Background
This is a multi-threaded batch application, each thread has it's own file. I have logic elsewhere that will stop the file rename from happening in the case of a file creation failure.
This process runs as a daemon and generates a few thousand files each day. This exception happens for maybe 1 file per 3 days, so the method we are using works most of the time.
The machine running the batch is Red Hat Enterprise Linux Server release 6.7 (Santiago)
Java version is 1.8.0_162
The temp filenames are generated by appending the result of UUID.randomUUID() from java.util.UUID.
The real filename may have duplicates, that's why we used a rand UUID instead of .tmp for a temp file name. This shouldn't be an issue since the move portion is in a synchronized block.
Exception:
2018-07-26 15:06:01,743 ERROR (ProcessRecordsTask.java:renameFileAfterProcess():674) - Error: Unable to rename file:
java.nio.file.NoSuchFileException: /logs/apps/appname/FILNAMESTUFF_07_26_2018_15_05_51.xml.5c80331c-3b7e-4e16-90d7-c0d7810451c5 -> /logs/apps/appname/FILNAMESTUFF_07_26_2018_15_05_51.xml
at sun.nio.fs.UnixException.translateToIOException(UnixException.java:86)
at sun.nio.fs.UnixException.rethrowAsIOException(UnixException.java:102)
at sun.nio.fs.UnixCopyFile.move(UnixCopyFile.java:396)
at sun.nio.fs.UnixFileSystemProvider.move(UnixFileSystemProvider.java:262)
at java.nio.file.Files.move(Files.java:1395)
at com.filetransferbatch.task.ProcessRecordsTask.renameFileAfterProcess(ProcessRecordsTask.java:664)
at com.filetransferbatch.task.ProcessRecordsTask.saveFileData(ProcessRecordsTask.java:349)
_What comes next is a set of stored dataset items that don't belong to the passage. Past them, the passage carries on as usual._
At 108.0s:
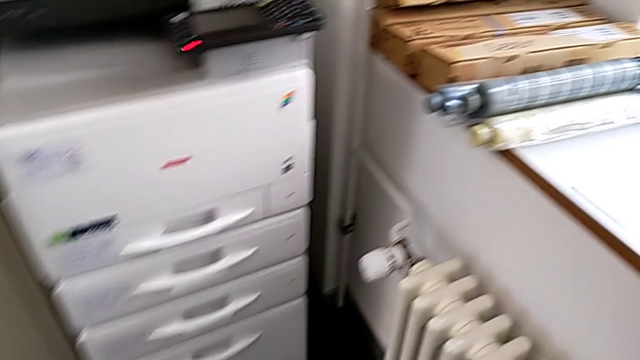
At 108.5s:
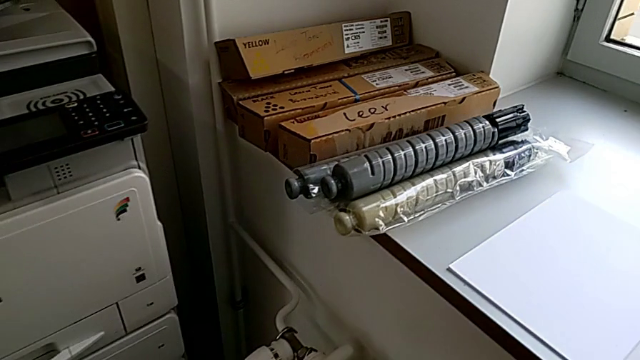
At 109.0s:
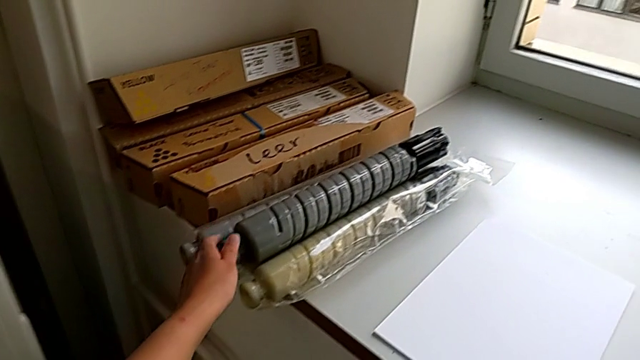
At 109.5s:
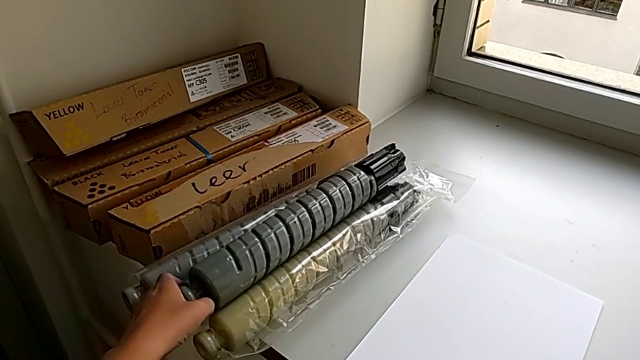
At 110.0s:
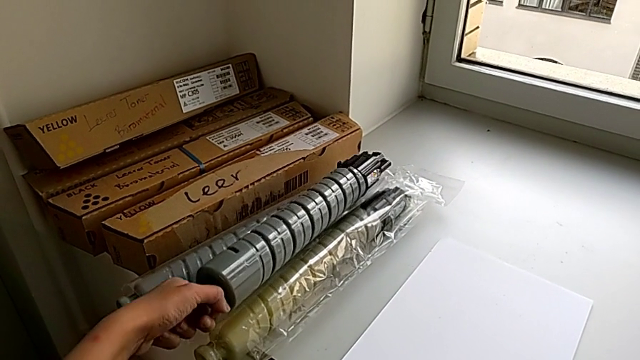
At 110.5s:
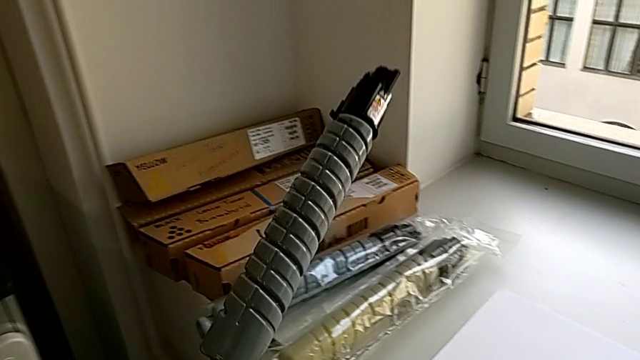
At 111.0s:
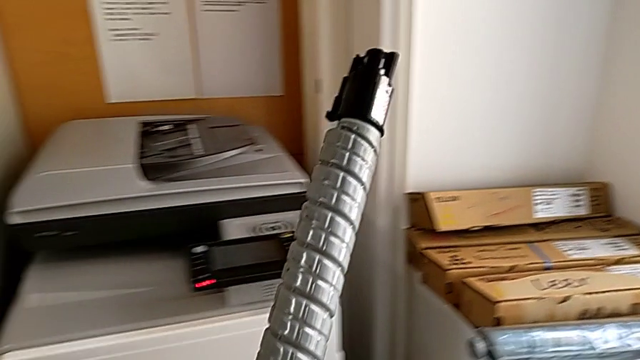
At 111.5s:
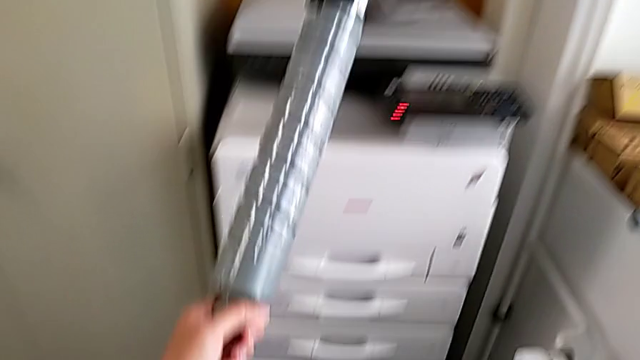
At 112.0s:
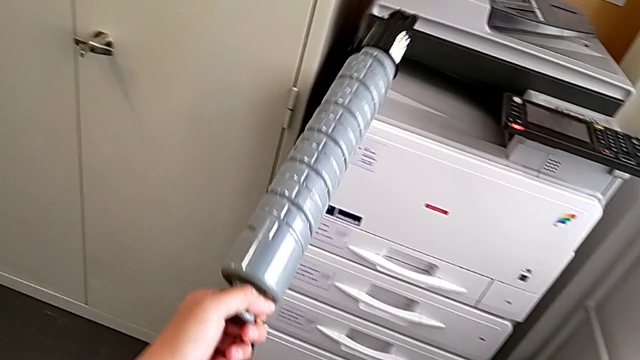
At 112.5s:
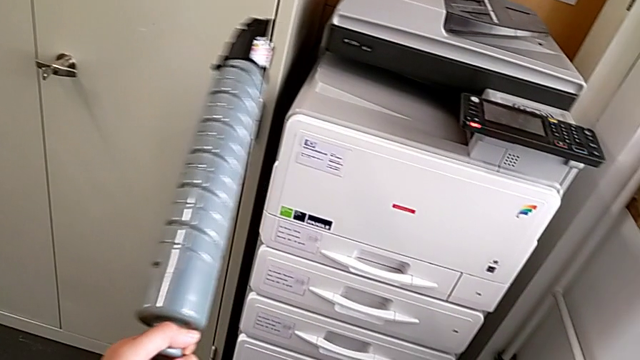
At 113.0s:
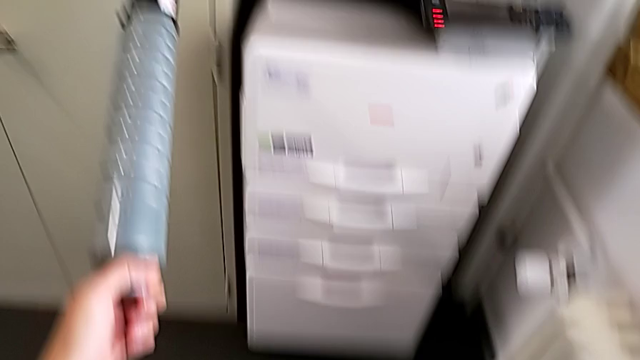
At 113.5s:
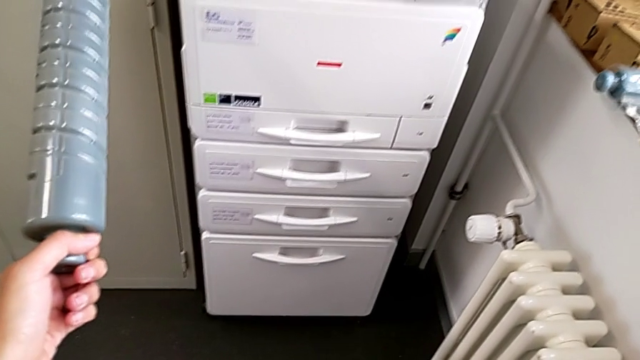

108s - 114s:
The camera wearer is exchanging the black ink cartridge. They grab the new ink cartridge and approach it.

at com.filetransferbatch.task.ProcessRecordsTask.xmlTransfer(ProcessRecordsTask.java:244)
at com.filetransferbatch.task.ProcessRecordsTask.call(ProcessRecordsTask.java:162)
at com.filetransferbatch.task.ProcessRecordsTask.call(ProcessRecordsTask.java:62)
at java.util.concurrent.FutureTask.run(FutureTask.java:266)
at java.util.concurrent.ThreadPoolExecutor.runWorker(ThreadPoolExecutor.java:1149)
at java.util.concurrent.ThreadPoolExecutor$Worker.run(ThreadPoolExecutor.java:624)
at java.lang.Thread.run(Thread.java:748)
I am getting the exception from the following snippet:
private boolean renameFileAfterProcess(String tmpFileName) {
boolean fileRenamed = false;
try {
if (null != tmpFileName && (!("".equals(tmpFileName)))) {
Path tmpFilePath = Paths.get(tmpFileName);
logger.info("tmpFilePath:" + tmpFilePath + ":Renamed Filepath: " + realFilePath);
Path realFile = Paths.get(realFilePath);
synchronized (this) {
logger.info("File " + tmpFilePath + " exists: " + Files.exists(tmpFilePath));
Files.move( tmpFilePath,
realFile,
StandardCopyOption.REPLACE_EXISTING,
StandardCopyOption.ATOMIC_MOVE);
logger.info(tmpFileName + ":File was successfully renamed to :" + realFilePath);
fileRenamed = true;
}
}
} catch (IOException e) {
fileRenamed = false;
logger.error("Error: Unable to rename file:", e);
} catch (Exception e) {
logger.error("Error :", e);
}
return fileRenamed;
}
The file is created this way
private boolean createFile(String fileName, byte[] fileDataMerged) {
boolean fileCreated = false;
if (fileName.trim().length() != 0) {
try {
Path createdFilePath = Files.write( Paths.get(tmpFilePath),
fileDataMerged,
StandardOpenOption.SYNC,
StandardOpenOption.CREATE,
StandardOpenOption.WRITE);
if (createdFilePath != null) {
fileCreated = Files.exists(createdFilePath);
}
} catch (IOException e) {
logger.error("Error writing temp file: ", e);
} catch (Exception e) {
logger.error("Error writing temp file: ", e);
}
}
return fileCreated;
}
The only thing I can think of to fix this is possibly sleep the thread for a few milliseconds, in case it's a file system level problem. The issue is, it's really difficult to reproduce the exception in the non prod env.
I have a suspicion that the exception happens when nearly all the threads have the same real file name, so there is a bunch renames to the same file name, but I can't be sure of this.
Thanks
**Edit: **
We had a skybot job running that was grabbing files with a. csv extension that were older than a day. I think the job was locking all the files in the folder as it was looking for files to move. After I made a code fix that allowed me to remove the skybot job, the issue went away.